## Excerpted data
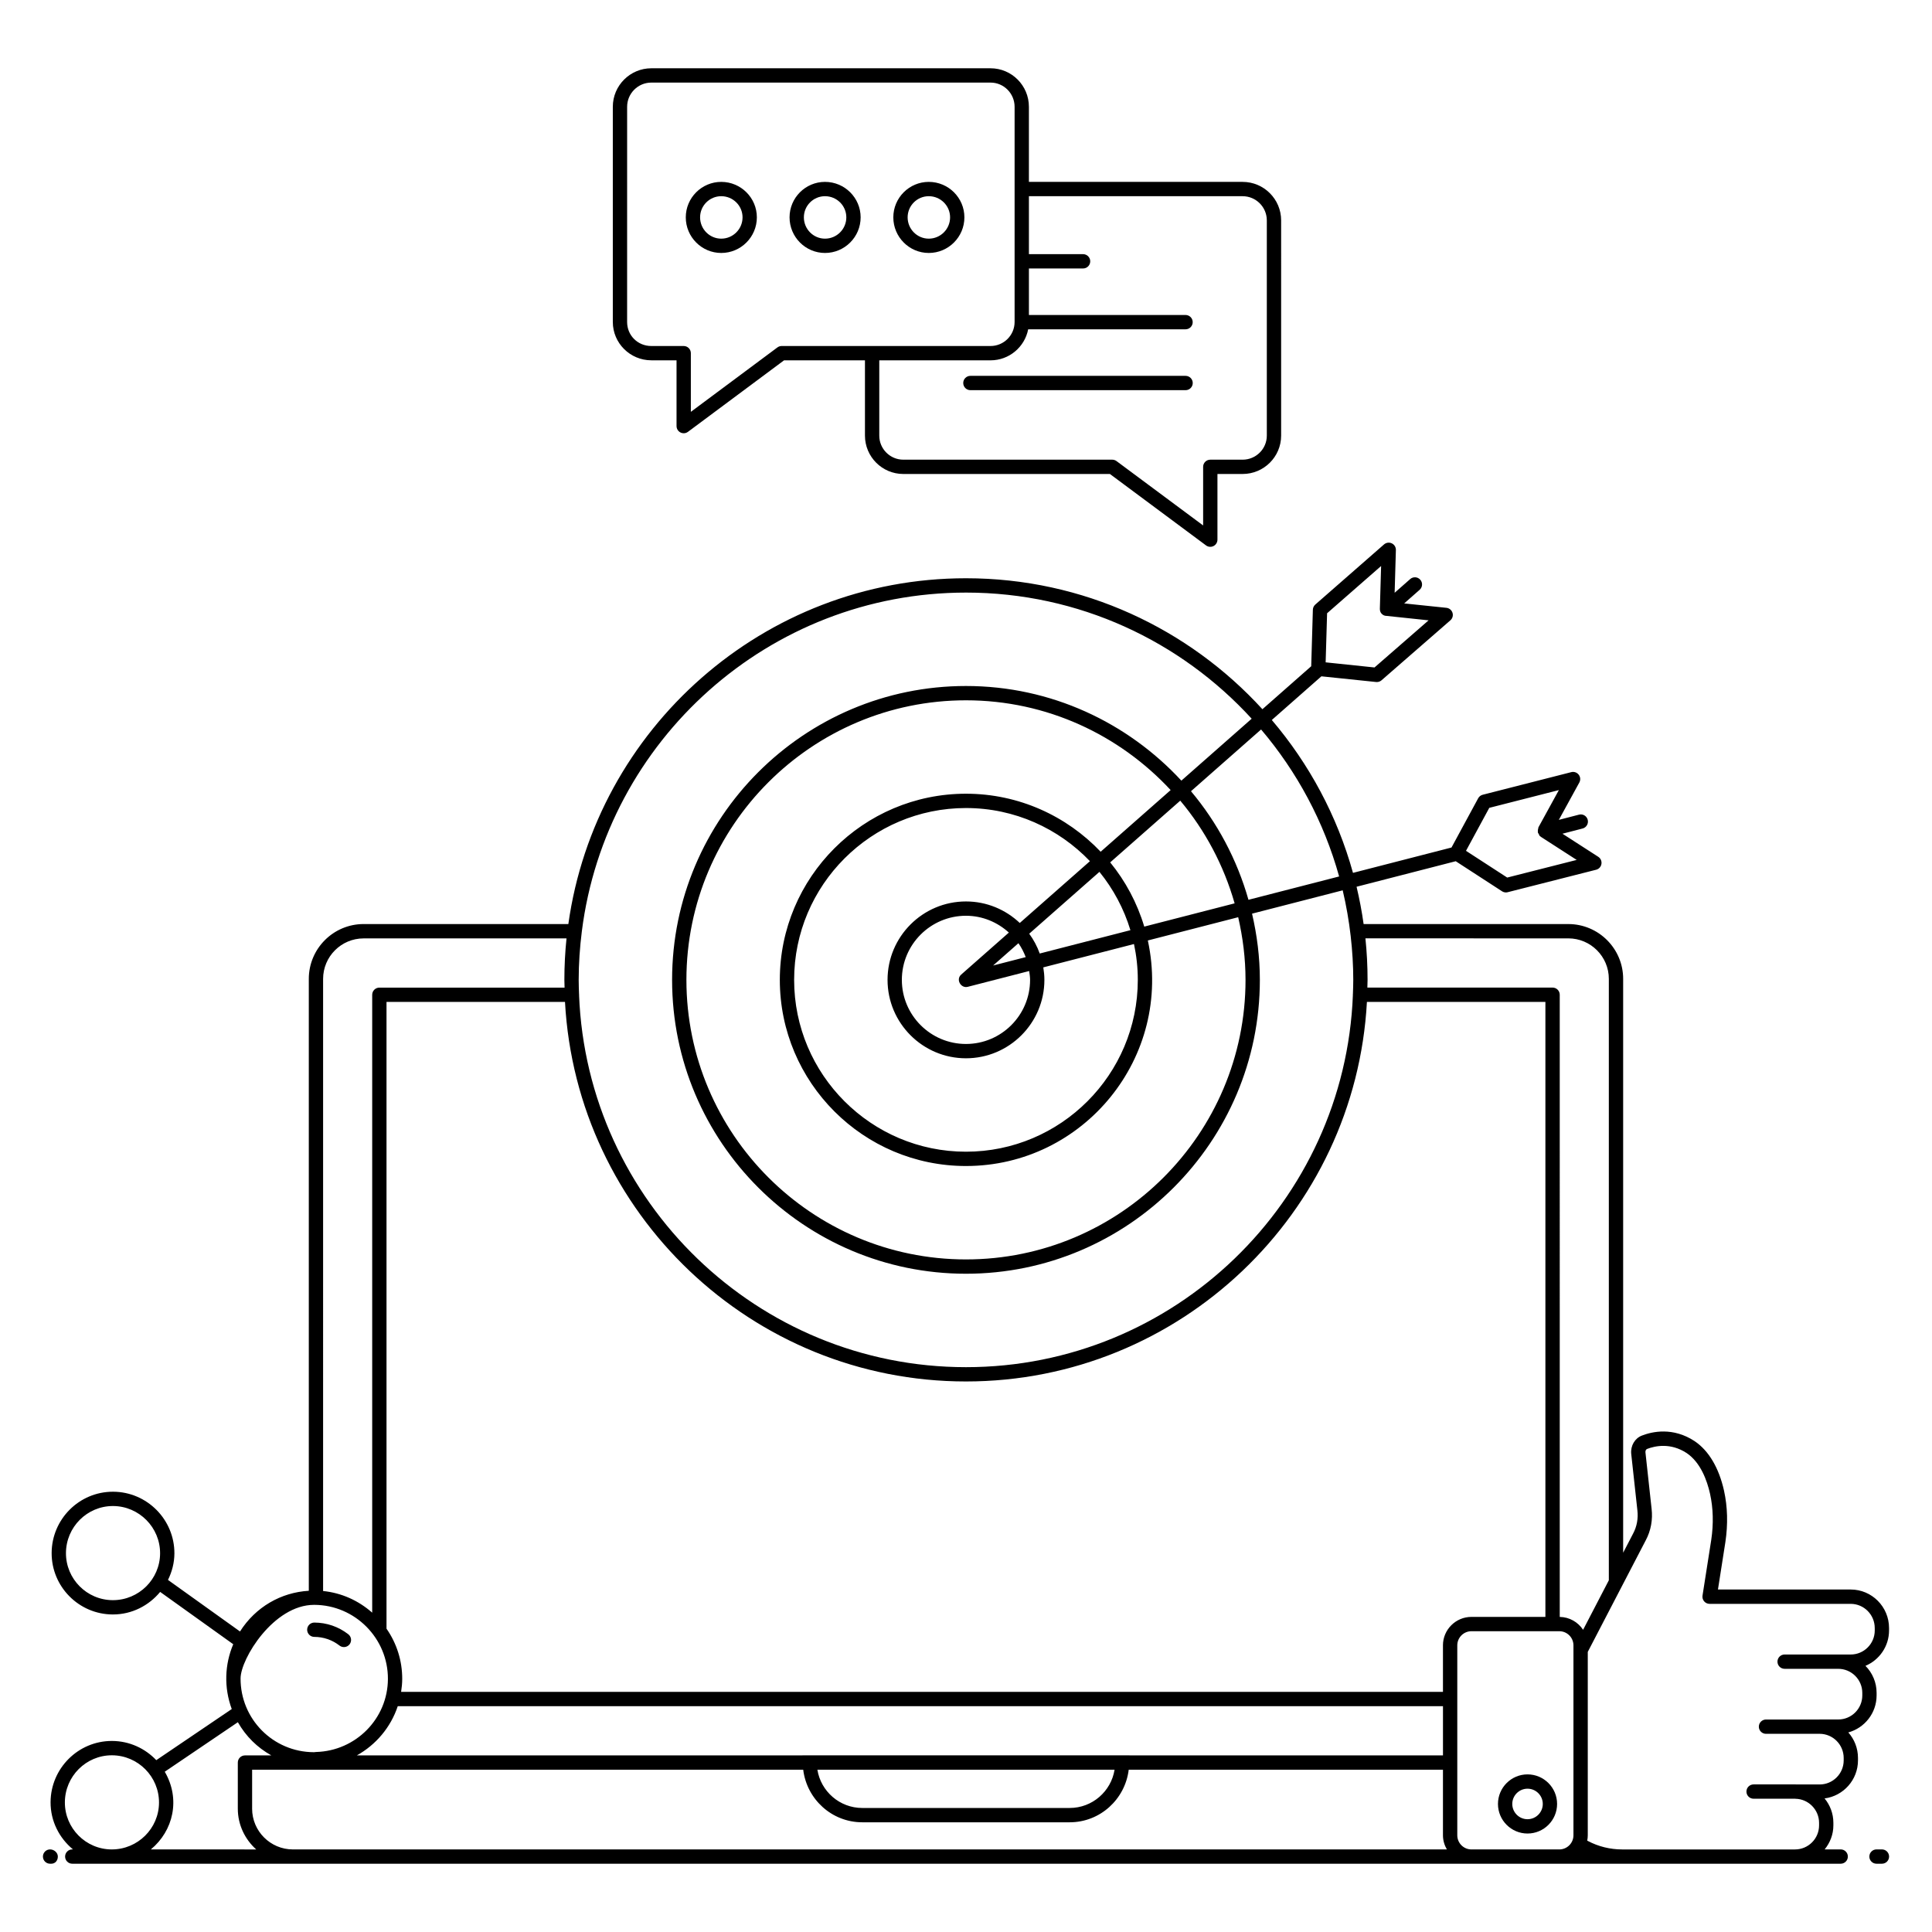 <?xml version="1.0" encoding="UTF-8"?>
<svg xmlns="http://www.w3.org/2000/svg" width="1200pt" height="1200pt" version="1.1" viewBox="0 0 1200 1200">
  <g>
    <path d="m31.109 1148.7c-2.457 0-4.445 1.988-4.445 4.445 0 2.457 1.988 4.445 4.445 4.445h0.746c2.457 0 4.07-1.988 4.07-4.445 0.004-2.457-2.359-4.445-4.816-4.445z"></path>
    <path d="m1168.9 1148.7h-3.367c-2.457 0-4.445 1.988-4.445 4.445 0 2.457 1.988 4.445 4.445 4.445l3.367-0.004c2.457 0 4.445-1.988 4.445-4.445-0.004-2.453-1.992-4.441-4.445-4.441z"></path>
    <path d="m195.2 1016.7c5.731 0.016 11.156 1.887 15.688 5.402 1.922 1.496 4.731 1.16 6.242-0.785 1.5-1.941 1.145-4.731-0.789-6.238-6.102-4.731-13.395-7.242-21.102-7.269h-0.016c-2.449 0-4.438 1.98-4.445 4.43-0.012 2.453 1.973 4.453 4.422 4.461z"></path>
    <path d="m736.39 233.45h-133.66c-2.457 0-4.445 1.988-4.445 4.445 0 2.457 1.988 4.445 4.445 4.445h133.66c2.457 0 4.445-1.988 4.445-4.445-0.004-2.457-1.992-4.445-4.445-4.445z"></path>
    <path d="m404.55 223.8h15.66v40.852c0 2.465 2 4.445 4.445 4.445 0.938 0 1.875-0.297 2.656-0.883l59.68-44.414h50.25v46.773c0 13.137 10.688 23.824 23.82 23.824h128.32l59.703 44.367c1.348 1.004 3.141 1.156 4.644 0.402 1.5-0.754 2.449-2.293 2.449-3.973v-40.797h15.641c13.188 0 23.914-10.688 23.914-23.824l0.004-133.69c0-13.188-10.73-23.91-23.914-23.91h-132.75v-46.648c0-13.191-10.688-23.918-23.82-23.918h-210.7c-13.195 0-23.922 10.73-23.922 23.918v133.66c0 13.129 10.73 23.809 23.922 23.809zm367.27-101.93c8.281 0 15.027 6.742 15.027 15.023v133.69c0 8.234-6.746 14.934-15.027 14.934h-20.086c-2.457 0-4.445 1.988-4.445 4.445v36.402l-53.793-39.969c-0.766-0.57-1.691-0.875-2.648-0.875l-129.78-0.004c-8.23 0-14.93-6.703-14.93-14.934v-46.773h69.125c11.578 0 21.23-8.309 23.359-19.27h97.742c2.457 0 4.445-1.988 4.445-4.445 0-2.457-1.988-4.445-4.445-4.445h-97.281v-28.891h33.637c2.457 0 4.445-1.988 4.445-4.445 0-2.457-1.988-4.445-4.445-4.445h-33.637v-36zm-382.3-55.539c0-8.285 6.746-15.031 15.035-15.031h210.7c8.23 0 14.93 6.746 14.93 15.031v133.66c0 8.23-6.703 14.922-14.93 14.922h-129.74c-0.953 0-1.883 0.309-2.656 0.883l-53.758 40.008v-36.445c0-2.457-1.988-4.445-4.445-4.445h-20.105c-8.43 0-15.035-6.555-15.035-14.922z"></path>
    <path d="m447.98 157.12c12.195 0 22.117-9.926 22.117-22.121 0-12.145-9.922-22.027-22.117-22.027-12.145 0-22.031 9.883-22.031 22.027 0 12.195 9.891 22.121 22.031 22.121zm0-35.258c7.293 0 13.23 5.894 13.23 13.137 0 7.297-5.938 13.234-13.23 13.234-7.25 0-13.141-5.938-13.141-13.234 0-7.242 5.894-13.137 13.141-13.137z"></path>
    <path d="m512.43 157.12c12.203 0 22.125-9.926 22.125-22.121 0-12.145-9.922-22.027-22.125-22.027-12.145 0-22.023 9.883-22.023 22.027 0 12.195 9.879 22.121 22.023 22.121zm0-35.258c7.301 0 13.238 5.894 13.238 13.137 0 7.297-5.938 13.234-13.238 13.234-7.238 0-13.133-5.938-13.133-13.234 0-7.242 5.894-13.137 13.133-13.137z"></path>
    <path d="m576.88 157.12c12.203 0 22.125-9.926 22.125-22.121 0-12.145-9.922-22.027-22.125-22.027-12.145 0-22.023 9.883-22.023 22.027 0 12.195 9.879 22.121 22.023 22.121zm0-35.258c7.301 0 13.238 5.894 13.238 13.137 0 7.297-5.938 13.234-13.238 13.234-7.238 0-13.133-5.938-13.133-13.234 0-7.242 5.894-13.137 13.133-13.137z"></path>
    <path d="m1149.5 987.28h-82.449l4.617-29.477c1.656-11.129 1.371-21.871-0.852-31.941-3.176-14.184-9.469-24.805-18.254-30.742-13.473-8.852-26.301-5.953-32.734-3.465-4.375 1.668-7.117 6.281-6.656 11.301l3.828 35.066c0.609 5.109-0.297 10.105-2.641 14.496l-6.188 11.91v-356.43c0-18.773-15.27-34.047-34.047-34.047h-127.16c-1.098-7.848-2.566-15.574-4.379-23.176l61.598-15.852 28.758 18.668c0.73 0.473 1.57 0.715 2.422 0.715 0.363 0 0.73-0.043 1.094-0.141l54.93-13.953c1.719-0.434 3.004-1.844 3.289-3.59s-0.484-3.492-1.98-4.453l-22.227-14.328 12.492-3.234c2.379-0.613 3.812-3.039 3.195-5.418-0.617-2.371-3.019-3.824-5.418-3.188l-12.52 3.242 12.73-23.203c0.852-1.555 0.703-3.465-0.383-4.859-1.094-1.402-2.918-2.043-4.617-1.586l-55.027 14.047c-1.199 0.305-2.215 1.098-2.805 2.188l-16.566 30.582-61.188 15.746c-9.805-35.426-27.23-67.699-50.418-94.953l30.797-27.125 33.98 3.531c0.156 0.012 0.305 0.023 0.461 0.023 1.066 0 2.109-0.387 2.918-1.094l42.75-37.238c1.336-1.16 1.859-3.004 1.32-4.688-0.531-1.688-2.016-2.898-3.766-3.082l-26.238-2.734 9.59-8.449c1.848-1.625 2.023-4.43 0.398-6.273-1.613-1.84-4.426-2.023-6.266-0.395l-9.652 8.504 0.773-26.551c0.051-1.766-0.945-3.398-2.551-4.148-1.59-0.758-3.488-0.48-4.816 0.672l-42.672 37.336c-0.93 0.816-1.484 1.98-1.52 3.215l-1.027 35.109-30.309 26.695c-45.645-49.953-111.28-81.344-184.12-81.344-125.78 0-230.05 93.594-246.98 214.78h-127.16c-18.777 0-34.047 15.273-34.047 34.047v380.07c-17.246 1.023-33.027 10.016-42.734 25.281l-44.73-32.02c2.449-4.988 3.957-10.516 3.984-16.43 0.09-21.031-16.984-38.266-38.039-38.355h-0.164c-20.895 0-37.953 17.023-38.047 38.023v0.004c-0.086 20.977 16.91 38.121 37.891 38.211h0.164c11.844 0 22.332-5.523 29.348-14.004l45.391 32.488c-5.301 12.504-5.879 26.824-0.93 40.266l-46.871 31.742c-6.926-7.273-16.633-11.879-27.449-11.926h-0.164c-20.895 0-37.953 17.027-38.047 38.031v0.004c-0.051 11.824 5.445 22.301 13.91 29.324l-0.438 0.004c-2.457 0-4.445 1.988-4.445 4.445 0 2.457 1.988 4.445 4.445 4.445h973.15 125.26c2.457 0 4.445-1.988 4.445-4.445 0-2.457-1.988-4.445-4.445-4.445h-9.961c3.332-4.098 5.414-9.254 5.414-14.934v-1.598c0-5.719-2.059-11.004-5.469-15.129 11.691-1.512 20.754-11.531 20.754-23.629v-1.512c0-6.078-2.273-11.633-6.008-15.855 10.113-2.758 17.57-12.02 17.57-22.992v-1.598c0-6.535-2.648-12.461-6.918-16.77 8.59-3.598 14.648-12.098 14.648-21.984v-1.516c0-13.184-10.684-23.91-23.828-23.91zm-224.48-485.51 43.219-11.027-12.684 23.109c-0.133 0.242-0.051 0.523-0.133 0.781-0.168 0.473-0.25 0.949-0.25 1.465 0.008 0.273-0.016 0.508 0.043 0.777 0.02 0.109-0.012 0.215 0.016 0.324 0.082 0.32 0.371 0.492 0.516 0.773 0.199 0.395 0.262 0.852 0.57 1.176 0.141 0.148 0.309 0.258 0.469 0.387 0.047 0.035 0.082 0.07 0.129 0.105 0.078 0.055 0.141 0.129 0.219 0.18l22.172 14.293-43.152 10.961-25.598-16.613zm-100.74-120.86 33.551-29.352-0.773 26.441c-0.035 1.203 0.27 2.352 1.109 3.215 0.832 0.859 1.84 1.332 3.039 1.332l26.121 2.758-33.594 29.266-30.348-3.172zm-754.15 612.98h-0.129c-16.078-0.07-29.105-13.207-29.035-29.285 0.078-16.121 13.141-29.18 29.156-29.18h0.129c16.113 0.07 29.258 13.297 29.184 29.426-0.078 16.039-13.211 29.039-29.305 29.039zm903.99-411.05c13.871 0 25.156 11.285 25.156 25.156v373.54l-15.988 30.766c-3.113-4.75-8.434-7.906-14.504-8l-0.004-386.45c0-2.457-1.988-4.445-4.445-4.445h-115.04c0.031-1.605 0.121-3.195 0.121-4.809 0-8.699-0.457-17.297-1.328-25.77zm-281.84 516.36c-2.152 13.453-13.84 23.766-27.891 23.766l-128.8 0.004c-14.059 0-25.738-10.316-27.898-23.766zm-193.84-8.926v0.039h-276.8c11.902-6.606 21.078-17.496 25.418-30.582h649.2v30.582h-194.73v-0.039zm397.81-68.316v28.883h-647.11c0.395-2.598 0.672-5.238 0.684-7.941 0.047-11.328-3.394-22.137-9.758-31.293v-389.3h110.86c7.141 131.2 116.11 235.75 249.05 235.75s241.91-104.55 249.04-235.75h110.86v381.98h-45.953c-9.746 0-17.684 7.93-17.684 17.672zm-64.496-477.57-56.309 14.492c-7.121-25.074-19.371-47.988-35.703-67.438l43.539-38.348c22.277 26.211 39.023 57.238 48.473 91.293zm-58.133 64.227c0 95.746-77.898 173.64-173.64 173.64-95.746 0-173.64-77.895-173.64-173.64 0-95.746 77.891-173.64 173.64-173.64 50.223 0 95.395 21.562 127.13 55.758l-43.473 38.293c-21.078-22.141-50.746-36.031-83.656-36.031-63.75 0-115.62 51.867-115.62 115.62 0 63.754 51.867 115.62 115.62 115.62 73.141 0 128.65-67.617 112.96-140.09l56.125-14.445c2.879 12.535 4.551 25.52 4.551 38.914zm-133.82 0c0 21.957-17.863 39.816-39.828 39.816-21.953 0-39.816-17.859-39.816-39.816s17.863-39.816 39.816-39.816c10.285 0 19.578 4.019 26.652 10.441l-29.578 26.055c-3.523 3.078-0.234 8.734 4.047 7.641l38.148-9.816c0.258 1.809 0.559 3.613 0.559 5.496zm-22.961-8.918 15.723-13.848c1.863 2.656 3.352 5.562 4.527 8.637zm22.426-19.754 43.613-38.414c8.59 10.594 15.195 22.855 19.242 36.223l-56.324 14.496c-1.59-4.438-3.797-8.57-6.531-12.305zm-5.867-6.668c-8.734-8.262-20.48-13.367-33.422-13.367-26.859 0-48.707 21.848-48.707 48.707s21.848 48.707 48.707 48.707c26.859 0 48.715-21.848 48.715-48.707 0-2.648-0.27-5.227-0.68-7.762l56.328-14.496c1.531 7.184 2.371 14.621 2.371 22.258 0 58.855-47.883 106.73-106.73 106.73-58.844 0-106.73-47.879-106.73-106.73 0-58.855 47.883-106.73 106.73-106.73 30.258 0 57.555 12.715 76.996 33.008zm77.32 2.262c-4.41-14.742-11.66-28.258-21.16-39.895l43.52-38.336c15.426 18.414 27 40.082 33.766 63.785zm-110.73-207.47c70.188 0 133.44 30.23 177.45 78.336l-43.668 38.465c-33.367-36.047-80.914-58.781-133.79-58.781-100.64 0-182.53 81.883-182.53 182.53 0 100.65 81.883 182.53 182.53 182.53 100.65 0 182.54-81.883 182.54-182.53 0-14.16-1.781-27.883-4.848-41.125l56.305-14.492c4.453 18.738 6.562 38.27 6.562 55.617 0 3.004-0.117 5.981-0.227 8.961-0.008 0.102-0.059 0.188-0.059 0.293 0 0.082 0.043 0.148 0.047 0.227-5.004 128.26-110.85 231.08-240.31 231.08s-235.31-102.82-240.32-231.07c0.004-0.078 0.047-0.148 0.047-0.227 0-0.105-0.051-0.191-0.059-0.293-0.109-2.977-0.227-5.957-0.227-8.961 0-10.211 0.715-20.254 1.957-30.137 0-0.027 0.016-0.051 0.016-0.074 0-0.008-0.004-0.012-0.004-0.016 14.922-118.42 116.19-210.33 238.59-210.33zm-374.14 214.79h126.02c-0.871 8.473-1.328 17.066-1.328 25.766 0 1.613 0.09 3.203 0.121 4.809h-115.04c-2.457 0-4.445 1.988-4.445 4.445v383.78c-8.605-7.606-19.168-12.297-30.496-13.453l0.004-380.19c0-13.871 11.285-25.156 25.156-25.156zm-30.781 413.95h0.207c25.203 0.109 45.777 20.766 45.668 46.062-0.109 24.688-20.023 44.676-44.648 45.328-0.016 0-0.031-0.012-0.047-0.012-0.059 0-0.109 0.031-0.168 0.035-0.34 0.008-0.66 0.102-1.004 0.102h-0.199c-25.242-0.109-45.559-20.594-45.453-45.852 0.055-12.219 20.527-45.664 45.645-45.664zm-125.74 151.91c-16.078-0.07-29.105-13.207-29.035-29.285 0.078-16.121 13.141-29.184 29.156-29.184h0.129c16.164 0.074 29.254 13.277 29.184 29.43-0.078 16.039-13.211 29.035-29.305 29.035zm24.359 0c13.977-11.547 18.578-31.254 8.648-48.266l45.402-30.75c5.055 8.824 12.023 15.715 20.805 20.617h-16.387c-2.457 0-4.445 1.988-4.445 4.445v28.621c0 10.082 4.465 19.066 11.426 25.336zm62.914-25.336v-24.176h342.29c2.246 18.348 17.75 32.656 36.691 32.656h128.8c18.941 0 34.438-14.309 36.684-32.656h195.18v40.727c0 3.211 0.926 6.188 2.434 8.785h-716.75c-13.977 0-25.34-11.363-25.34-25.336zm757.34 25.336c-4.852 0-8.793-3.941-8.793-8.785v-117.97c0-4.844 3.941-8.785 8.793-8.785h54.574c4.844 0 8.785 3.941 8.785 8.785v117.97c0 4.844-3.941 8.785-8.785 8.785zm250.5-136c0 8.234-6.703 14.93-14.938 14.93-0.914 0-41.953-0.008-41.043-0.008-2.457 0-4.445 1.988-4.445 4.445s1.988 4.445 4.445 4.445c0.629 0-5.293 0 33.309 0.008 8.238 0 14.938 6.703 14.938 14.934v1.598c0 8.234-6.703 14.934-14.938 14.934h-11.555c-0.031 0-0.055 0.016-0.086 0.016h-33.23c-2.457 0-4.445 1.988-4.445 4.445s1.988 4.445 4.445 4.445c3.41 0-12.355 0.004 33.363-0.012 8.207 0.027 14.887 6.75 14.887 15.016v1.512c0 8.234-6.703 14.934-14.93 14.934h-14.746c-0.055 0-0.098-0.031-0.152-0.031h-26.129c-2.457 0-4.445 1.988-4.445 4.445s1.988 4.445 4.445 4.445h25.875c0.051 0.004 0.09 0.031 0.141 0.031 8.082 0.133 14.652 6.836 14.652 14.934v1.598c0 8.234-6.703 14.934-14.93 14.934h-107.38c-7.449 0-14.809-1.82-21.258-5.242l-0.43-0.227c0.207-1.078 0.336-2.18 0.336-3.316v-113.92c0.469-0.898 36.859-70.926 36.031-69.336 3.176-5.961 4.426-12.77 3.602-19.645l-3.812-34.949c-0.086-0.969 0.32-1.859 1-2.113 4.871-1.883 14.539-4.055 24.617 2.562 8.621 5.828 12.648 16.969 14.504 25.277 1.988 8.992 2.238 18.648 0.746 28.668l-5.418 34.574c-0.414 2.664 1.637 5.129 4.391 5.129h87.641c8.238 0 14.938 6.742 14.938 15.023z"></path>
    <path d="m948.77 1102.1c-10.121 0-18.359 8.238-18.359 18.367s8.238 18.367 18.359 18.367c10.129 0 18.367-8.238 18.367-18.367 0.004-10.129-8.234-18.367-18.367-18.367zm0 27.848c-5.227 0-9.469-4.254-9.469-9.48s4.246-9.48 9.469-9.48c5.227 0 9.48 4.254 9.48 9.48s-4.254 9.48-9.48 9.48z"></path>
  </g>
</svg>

## What is expected
Your answer must be the exact lines of the records from the first one through the line containing "233.45h-133.66c-2.457 0-4.445 1.988-4.445", with no pictures in it.

## Solved exercise
 <?xml version="1.0" encoding="UTF-8"?>
<svg xmlns="http://www.w3.org/2000/svg" width="1200pt" height="1200pt" version="1.1" viewBox="0 0 1200 1200">
  <g>
    <path d="m31.109 1148.7c-2.457 0-4.445 1.988-4.445 4.445 0 2.457 1.988 4.445 4.445 4.445h0.746c2.457 0 4.07-1.988 4.07-4.445 0.004-2.457-2.359-4.445-4.816-4.445z"></path>
    <path d="m1168.9 1148.7h-3.367c-2.457 0-4.445 1.988-4.445 4.445 0 2.457 1.988 4.445 4.445 4.445l3.367-0.004c2.457 0 4.445-1.988 4.445-4.445-0.004-2.453-1.992-4.441-4.445-4.441z"></path>
    <path d="m195.2 1016.7c5.731 0.016 11.156 1.887 15.688 5.402 1.922 1.496 4.731 1.16 6.242-0.785 1.5-1.941 1.145-4.731-0.789-6.238-6.102-4.731-13.395-7.242-21.102-7.269h-0.016c-2.449 0-4.438 1.98-4.445 4.43-0.012 2.453 1.973 4.453 4.422 4.461z"></path>
    <path d="m736.39 233.45h-133.66c-2.457 0-4.445 1.988-4.445 4.445 0 2.457 1.988 4.445 4.445 4.445h133.66c2.457 0 4.445-1.988 4.445-4.445-0.004-2.457-1.992-4.445-4.445-4.445z"></path>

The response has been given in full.